Island in Nunavut, Canada

Ward Hunt Island is a small, uninhabited island in the Arctic Ocean, located off the north coast of Ellesmere Island near the Ward Hunt Ice Shelf. The island is located just 750 km from the geographical North Pole. The northern cape of Ward Hunt Island is one of the northernmost elements of land in Canada. Only a 17 km stretch of northern coast of Ellesmere Island around Cape Columbia is more northerly. The island is 5.0 km long, east to west, and 3.0 km wide. The first known sighting was in 1876 by Pelham Aldrich, a lieutenant with the George Nares expedition, and named for George Ward Hunt, who was First Lord of the Admiralty at the time (1874–1877). Today, the Island is part of the Quttinirpaaq National Park.

==History and research==
Due to its location, the island has been used as the starting point for a number of attempts to reach the North Pole, e.g. Ralph Plaisted and others. During the International Geophysical Year of 1957–58, it was briefly used as a meteorological station. In 1959 the Canadian Defence Research Board established a research station on the island which remained in operation until the late 1960s. There is an airstrip for STOL aircraft, primarily Twin Otter, on the north coast of the island. Nearby are a few old shelters from the former Ward Hunt Island Camp station, now operated by Parks Canada.

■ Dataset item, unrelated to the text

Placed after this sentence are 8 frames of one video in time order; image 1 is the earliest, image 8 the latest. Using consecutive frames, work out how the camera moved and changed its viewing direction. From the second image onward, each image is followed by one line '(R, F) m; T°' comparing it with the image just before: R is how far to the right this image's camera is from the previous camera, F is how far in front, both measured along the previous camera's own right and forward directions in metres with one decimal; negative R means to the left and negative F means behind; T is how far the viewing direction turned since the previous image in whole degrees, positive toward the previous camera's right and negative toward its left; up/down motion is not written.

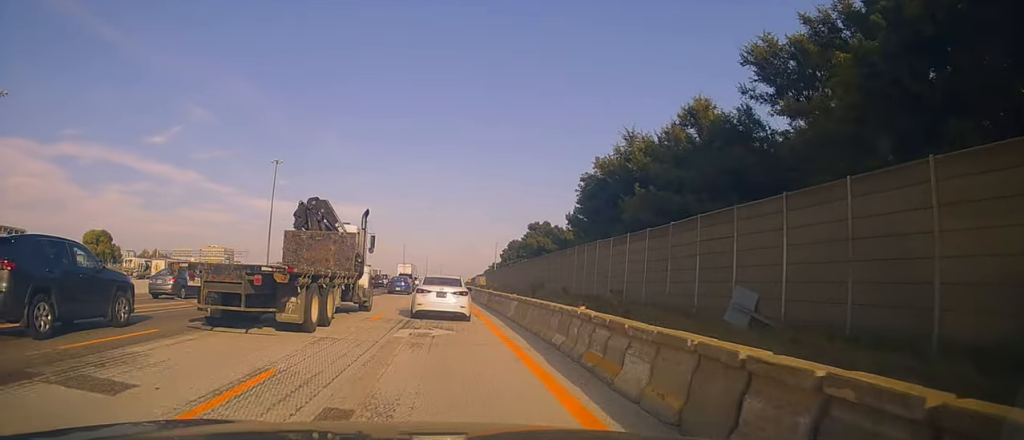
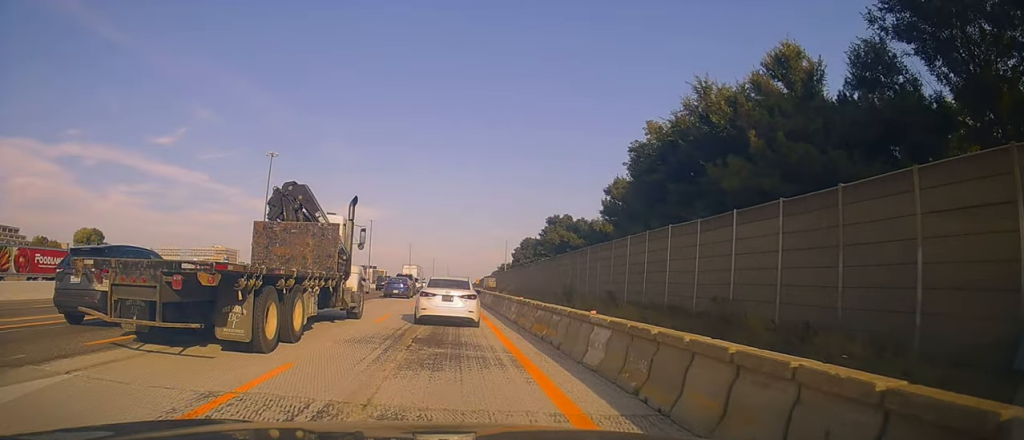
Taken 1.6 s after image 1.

In July 1988, a team of geodesists from the Karlsruhe Institute of Technology (KIT Karlsruhe) and geographers from the University of Giessen carried out an accurate geodetical and geomorphological survey of the island and the Ice Shelf. This enabled the compilation of the first topographic map at the scale 1: 25,000 and an additional geomorphological map (scale 1:12,500).

Since 1998, a modern research station owned and operated by the Centre d'Études Nordiques (CEN: Centre for northern studies) of Laval University, Quebec and Parks Canada also exists on the north coast with an automatic climatic station open all year round. In addition to accommodation, the CEN base camp also has a small laboratory for the multidisciplinary fieldwork carried out during the three summer months. The data obtained on the climate, flora and fauna cover a period of more than 20 years and have been accessible since the beginning of the measurements.

This region at the northern land limit of the Canadian Arctic is currently undergoing major environmental changes. On 29 July 2008, a giant chunk of ice broke away from the Ward Hunt Ice Shelf. The new ice island had an area of 35.9 km2. It was the largest fracture of its kind since the nearby Ayles Ice Shelf—which measured 66 km2—broke away in 2005.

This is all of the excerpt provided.